# [What to produce]
Every line below that holds the string "wide" should be copied out.

# [Records provided]
>>>
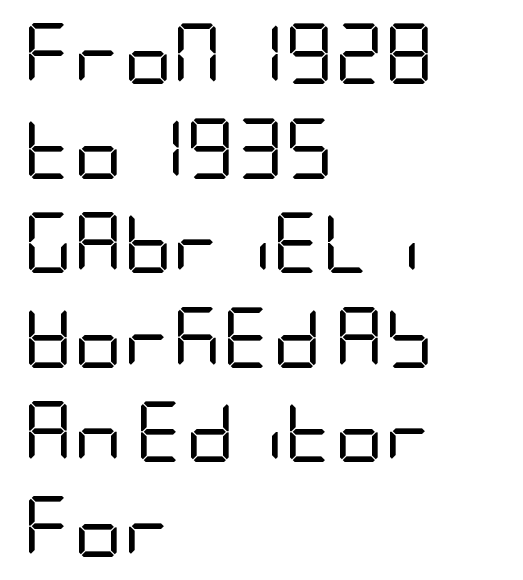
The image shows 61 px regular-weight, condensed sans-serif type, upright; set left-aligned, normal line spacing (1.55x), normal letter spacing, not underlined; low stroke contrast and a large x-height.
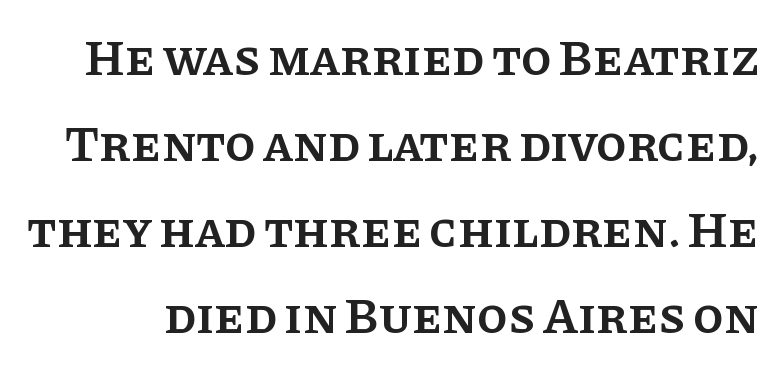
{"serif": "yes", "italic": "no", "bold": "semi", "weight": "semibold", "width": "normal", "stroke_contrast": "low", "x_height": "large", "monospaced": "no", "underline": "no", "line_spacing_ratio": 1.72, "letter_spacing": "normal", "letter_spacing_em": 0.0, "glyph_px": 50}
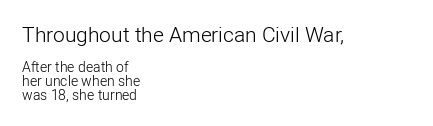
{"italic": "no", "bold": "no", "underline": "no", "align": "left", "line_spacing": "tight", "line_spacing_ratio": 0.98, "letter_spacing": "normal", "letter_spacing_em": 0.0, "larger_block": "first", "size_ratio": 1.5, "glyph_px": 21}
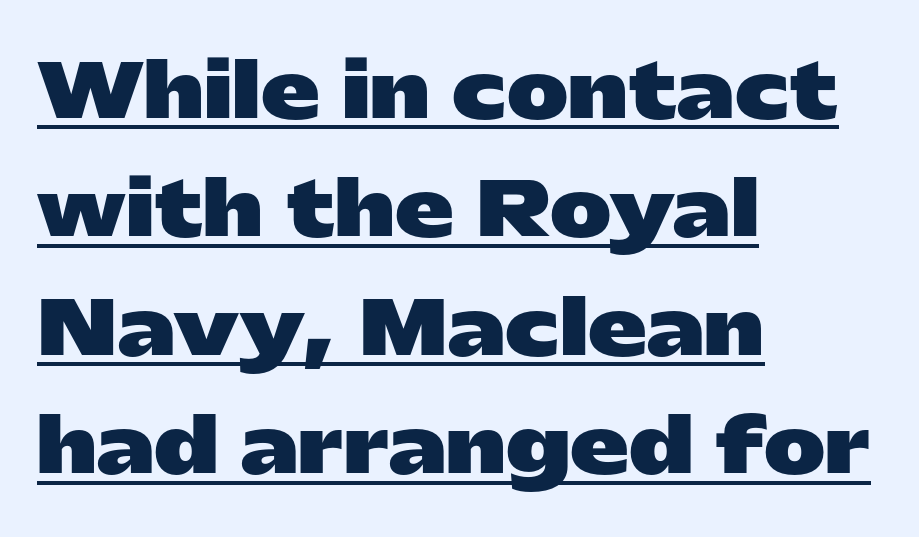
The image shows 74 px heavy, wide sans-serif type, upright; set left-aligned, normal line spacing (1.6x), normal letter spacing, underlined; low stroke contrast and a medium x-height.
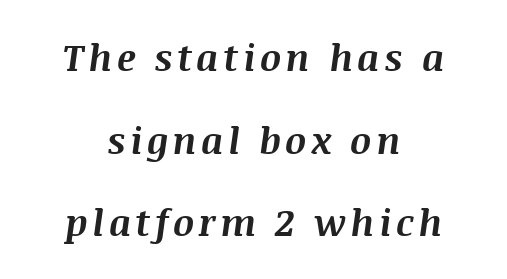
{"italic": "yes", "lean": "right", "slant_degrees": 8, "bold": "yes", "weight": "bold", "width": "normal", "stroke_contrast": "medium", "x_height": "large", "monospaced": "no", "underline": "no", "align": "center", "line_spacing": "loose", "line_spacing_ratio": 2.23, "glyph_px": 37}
<<<
>>>
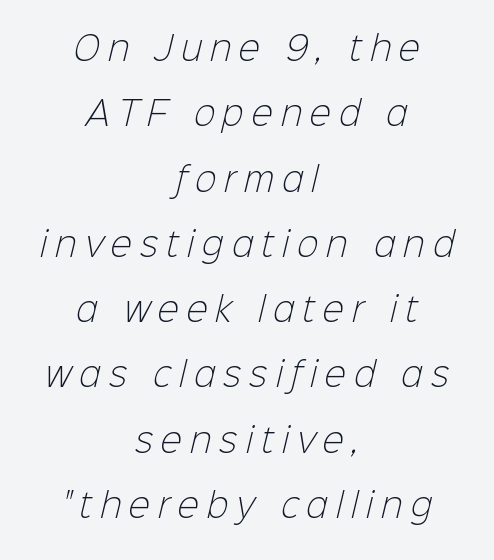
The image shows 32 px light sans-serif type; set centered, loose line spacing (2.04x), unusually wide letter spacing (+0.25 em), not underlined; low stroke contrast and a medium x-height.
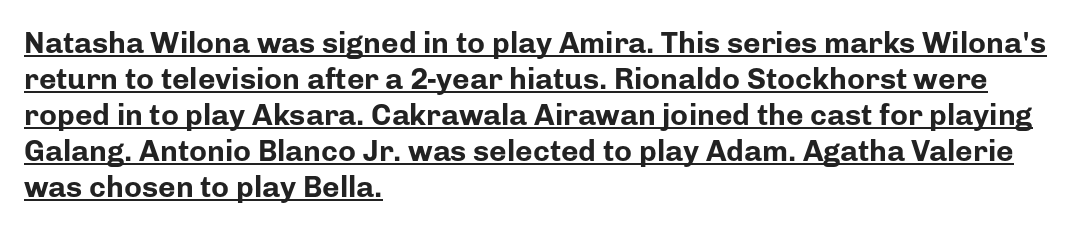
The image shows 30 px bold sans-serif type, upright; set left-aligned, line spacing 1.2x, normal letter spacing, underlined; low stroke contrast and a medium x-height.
<<<
>>>
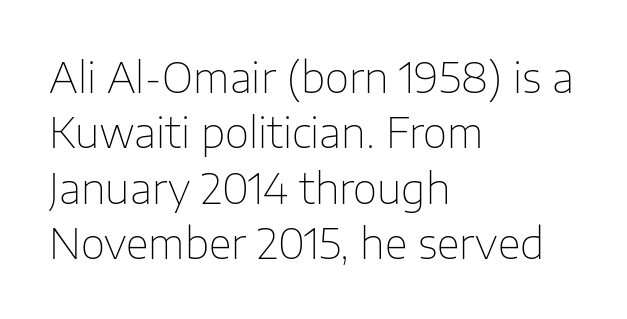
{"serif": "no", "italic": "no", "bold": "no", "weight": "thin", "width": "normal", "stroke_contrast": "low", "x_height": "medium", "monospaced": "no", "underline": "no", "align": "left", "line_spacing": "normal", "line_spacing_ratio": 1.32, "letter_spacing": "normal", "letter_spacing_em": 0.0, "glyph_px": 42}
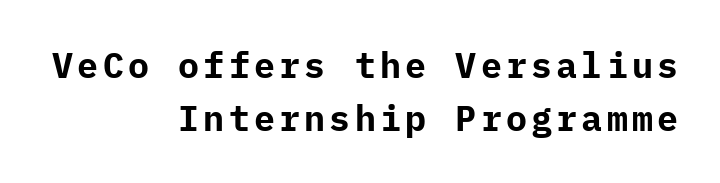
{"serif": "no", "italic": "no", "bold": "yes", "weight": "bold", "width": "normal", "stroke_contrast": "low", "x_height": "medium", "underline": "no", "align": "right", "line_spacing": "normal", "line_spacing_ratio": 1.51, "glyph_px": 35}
<<<
# [Answer to this exercise]
The image shows 74 px heavy, wide sans-serif type, upright; set left-aligned, normal line spacing (1.6x), normal letter spacing, underlined; low stroke contrast and a medium x-height.
The image shows 32 px light sans-serif type; set centered, loose line spacing (2.04x), unusually wide letter spacing (+0.25 em), not underlined; low stroke contrast and a medium x-height.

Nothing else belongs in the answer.